__Task details__
Scan the entries that follow for the word "LaTeX", then report every line in which it appears.

Working data section start

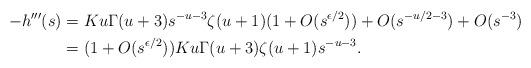
LaTeX: \begin{align*} -h'''(s) & = Ku\Gamma(u+3) s^{-u-3} \zeta(u+1)(1+O(s^{\epsilon/2})) + O(s^{-u/2-3}) + O(s^{-3})\\& = (1+O(s^{\epsilon/2}))Ku\Gamma(u+3)\zeta(u+1) s^{-u-3}.\end{align*}
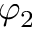
\varphi _ { 2 }
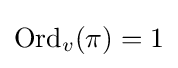
{\text{Ord}}_{v}(\pi )=1
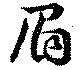
眉
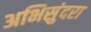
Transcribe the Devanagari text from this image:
अभिसुंदरा
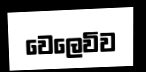
වෙලෙවිව
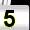
Digit: 5
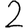
Digit: 2
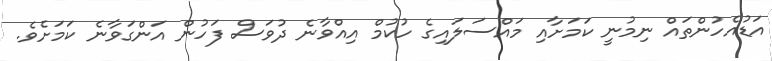
އަޑުއެހުންތައް ނިމުނީ ކަމަށާއި މައްސަލައިގެ ހުކުމް އިއްވާނެ ދުވަސް ފަހުން އަންގަވާނެ ކަމަށެވެ.
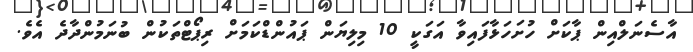
އާސެނަލްއިން ޕާކަށް ހުށަހަޅާފައިވާ އަގަކީ 10 މިލިޔަން ޕައުންޑްކަމަށް ރިޕޯޓްތަކުން ބުނަމުންދާދެ އެވެ.
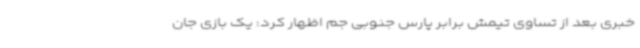
خبری بعد از تساوی تیمش برابر پارس جنوبی جم اظهار کرد: یک بازی جان
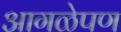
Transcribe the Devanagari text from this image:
आगळेपण
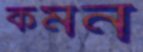
কমন
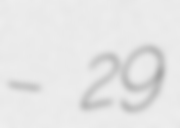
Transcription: – 29
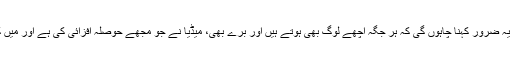
انہوںنے کہا آ ج جو ہماری انڈین میڈیا ہے ،میں اس کے بارے میں کچھ کہنا چاہتی ہوںلیکن میں یہ ضرور کہنا چاہوں گی کہ ہر جگہ اچھے لوگ بھی ہوتے ہیں اور برے بھی، میڈیا نے جو مجھے حوصلہ افزائی کی ہے اور میں کہوں گی کہ میری کامیابی میں کہیں نہ کہیں ان کا بہت بڑا رول ہے میں ان کی شکر گزار ہوں ۔
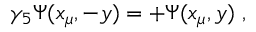
\gamma _ { 5 } \Psi ( x _ { \mu } , - y ) = + \Psi ( x _ { \mu } , y ) ~ ,
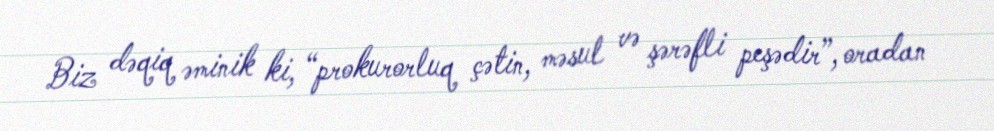
Biz dəqiq əminik ki, “prokurorluq çətin, məsul və şərəfli peşədir”, oradan
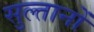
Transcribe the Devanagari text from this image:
सुल्‍तानों
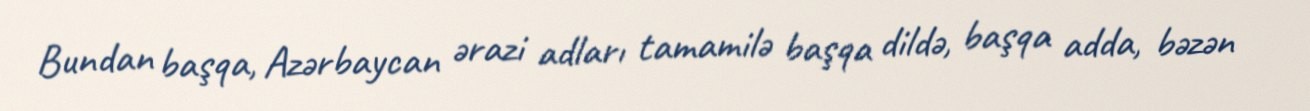
Bundan başqa, Azərbaycan ərazi adları tamamilə başqa dildə, başqa adda, bəzən
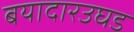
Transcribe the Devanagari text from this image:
बयादारउघड
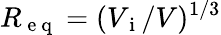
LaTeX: R_{\mathrm{~e~q~}}=(V_{\mathrm{~i~}}/V)^{1/3}
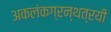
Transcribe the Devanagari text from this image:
अकलंकग्रन्थत्रयी
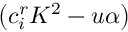
\left( c _ { i } ^ { r } K ^ { 2 } - { u \alpha } \right)
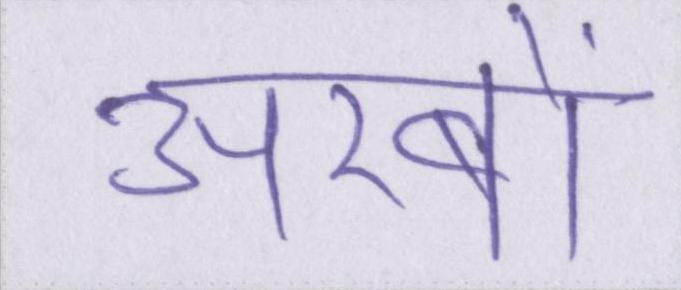
अरबों
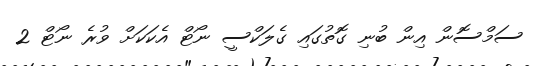
ސަމްސޮން އިން ބުނި ގޮތުގައި ގެލަކްސީ ނޯޓް އެކަކަށް ވުރެ ނޯޓް 2
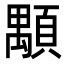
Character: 顒
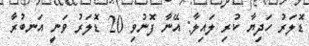
ޑޮލަރު ހަދިޔާ ކުރި ލައިލާ: އޭނާ ފޮނުވި 20 ޑޮލަރު ވަނީ އަނބުރާ
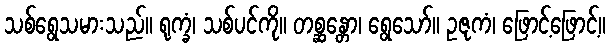
သစ်ရွေသမားသည်။ ရုက္ခံ၊ သစ်ပင်ကို။ တစ္ဆန္တော၊ ရွေသော်။ ဥဇုကံ၊ ဖြောင့်ဖြောင့်။
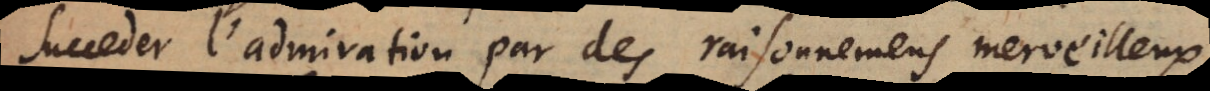
succeder l’admiration par des raisonnemens merveilleux,
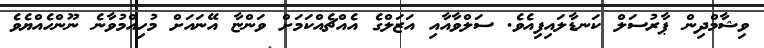
ވިޝާމްދިން ޕާރުސަލް ކަނޑާލައިފިއެވެ. ސަލްވާއާއި އަޒަލްގެ އެއްޗެއްކަމަށް ވަންޏާ އޭނައަށް މުހިއްމުވާނެ ނޫންހެއްޔެވެ
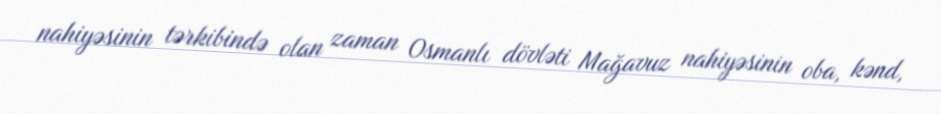
nahiyəsinin tərkibində olan zaman Osmanlı dövləti Mağavuz nahiyəsinin oba, kənd,
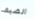
الضيف
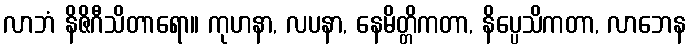
လာဘံ နိဇိဂီသိတာရော။ ကုဟနာ, လပနာ, နေမိတ္တိကတာ, နိပ္ပေသိကတာ, လာဘေန
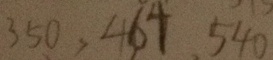
3 5 0 , 4 6 4 , 5 4 0
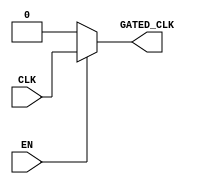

Working data section end

__Solution for this problem__
LaTeX: \begin{align*} -h'''(s) & = Ku\Gamma(u+3) s^{-u-3} \zeta(u+1)(1+O(s^{\epsilon/2})) + O(s^{-u/2-3}) + O(s^{-3})\\& = (1+O(s^{\epsilon/2}))Ku\Gamma(u+3)\zeta(u+1) s^{-u-3}.\end{align*}
LaTeX: R_{\mathrm{~e~q~}}=(V_{\mathrm{~i~}}/V)^{1/3}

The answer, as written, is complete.